_ASSIGNMENT_.
Leaving out every picture, quote the data below exactly as it appears.

_ENTRIES SHOWN_.
- - - - -
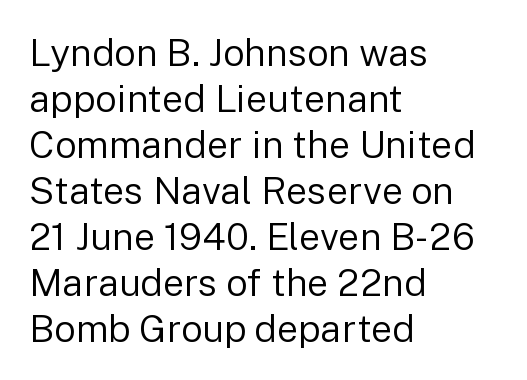
Is this a fixed-width face? No — the glyphs have proportional, varying widths. This sample is left-justified, so line endings fall wherever the words run out. Designer's note — italics off, roman on. A clean baseline with only descenders dipping below it. Compared with typical body copy, the letter spacing here is the same.
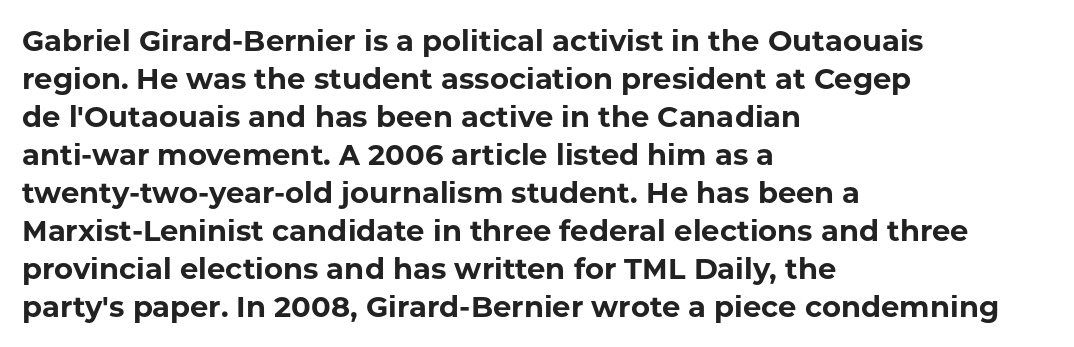
Q: Is the text bold? A: Yes.
Q: Is the text italic (slanted)? A: No, it is upright.
Q: Is the typeface a serif or a sans-serif typeface? A: Sans-serif.
Q: Is the text underlined? A: No.
Q: How is the paragraph aligned? A: Left-aligned.
Q: Is the spacing between letters normal or unusually wide? A: Normal.
Q: Is the spacing between lines tight, normal or loose? A: Normal.
Q: Width (condensed, normal, or wide)? A: Normal.
Q: Stroke contrast? A: Low.
Q: x-height? A: Medium.
Q: Monospaced? A: No.
- - - - -
_EXERCISE RESPONSE_.
Is this a fixed-width face? No — the glyphs have proportional, varying widths. This sample is left-justified, so line endings fall wherever the words run out. Designer's note — italics off, roman on. A clean baseline with only descenders dipping below it. Compared with typical body copy, the letter spacing here is the same.
Q: Is the text bold? A: Yes.
Q: Is the text italic (slanted)? A: No, it is upright.
Q: Is the typeface a serif or a sans-serif typeface? A: Sans-serif.
Q: Is the text underlined? A: No.
Q: How is the paragraph aligned? A: Left-aligned.
Q: Is the spacing between letters normal or unusually wide? A: Normal.
Q: Is the spacing between lines tight, normal or loose? A: Normal.
Q: Width (condensed, normal, or wide)? A: Normal.
Q: Stroke contrast? A: Low.
Q: x-height? A: Medium.
Q: Monospaced? A: No.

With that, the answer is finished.